NumPy SciPy Benchmarks
Jul 07, 2013 by Andy R. TerrelAt PyCon2013, a group of about 30 developers got together to discuss NumPy and SciPy. The room mostly included folks that use NumPy and SciPy extensively, such as myself, a few who were just learning, and several core contributors (if not currently in the past), such as Eric Jones, Travis Oliphant, Anthony Scopatz, and Jake Vanderplas. It was an impromptu meeting, as most birds of a feather sessions are, so I don't think we even got the full number of interested participants at PyCon2013. The scientific large support at PyCon was surprising, since most of us scientists think the wider Python ecosystem leaves us behind in many of their activities.
There were three topics we discussed: briefly about the development and maintenance of the libraries, about the use of newer technologies, e.g. Cython, PyPy, Copperhead, Numba, and finally about having a benchmark for new implementations of NumPy to see how complete they are. Since there were not very many core developers in the room, it was hard to really push a topic on the development side but the other two topics were the most discussed.
To briefly summarize the maintenance and future plans section, I asked about how the community was doing since I've been organizing this whole conference thing and haven't been on the mailing lists in a while. Travis mentioned that NumFOCUS was trying to raise money for the projects, especially around the topic of paying a maintainer.
Miniature Applications
Next we turn to the topic of benchmarks. At the end we decided that there are at least two types of benchmarks that are really needed by the community. First, is a set of miniature applications that show off the tools well. Since there is such a wide variety of tools available right now, it is difficult to know what to invest in as a developer. Ian Osvald mentioned his book that includes one of the only major comparisons I've seen in the tools. I suggested we look at how the Mantevo project implemented its mini-apps for the US DOE. Another suggestion was to organize the applications in the seven dwarfs of scientific computing suggested by Phil Collela. I believe these have been renamed to motifs and extended to eleven by the Berkeley crowd.
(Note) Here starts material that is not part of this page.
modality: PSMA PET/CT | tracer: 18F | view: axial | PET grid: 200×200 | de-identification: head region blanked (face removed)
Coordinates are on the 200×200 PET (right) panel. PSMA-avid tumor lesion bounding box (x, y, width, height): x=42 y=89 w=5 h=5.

The idea moving forward will be to collect a number of applications, give a reference implementation, and accept contributions showing how to implement them in a Python runnable way. The idea is not to make everyone use Python for everything but to show off the capabilities of Python as an integration (and implementation) platform. One participant brought up that we could have a site like the Computer Language Benchmarks, while we agreed in spirit enough of us do not like that benchmark because of its purist ideas that applications should stick to a single language. To be friendly to vendor solutions, I'm willing to accept closed runtimes but since the point is to highlight the code, all code must be free and open, preferably BSD. I am sure we will refine the rules as we go.
NumPy Benchmarks
Matti, a contributor to NumPyPy, brought up the idea of creating a suite of benchmarks to compare different implementations of NumPy. The idea here is once again not to compete ruthlessly for fame and glory, but rather provide a baseline for developer to hit when implementing alternatives and users to know how complete and single implementation is. Right now I know of several NumPy implementations (or close to implementations), e.g., NumPyPy, Numba, Copperhead, and a benchmark will be a welcome addition to the tools.
The plan to start off will be to grab out some tests from the NumPy regression tests and grab a benchmark runner. Matti suggested trying to port the PyPy runners for our needs. Once we get something up and going we can try to put it up somewhere for people to make contributions.
There were many concerns about the benchmarks not being productive and bringing out too much competition. My view is that we should try to be as open and welcoming as the rest of the Python ecosystem. That is let the numbers speak for themselves and make these benchmarks something anyone can contribute to.
A final aspect of the benchmark would be to show off that NumPy is useful for more then numeric algorithms. Many people see "Num" and assume there is no use for their specific needs, but in actuality, NumPy should be thought of as more a typed array. This allows fast access to contiguous blocks (although the element access is often slower than lists).
Going Forward
This post is intended to start a wider discussion among the community. I'm posting here because there are enough places in the community and I wanted a single place rather than four or five mailing lists. The hope is we can start a repository and get some tests rolling.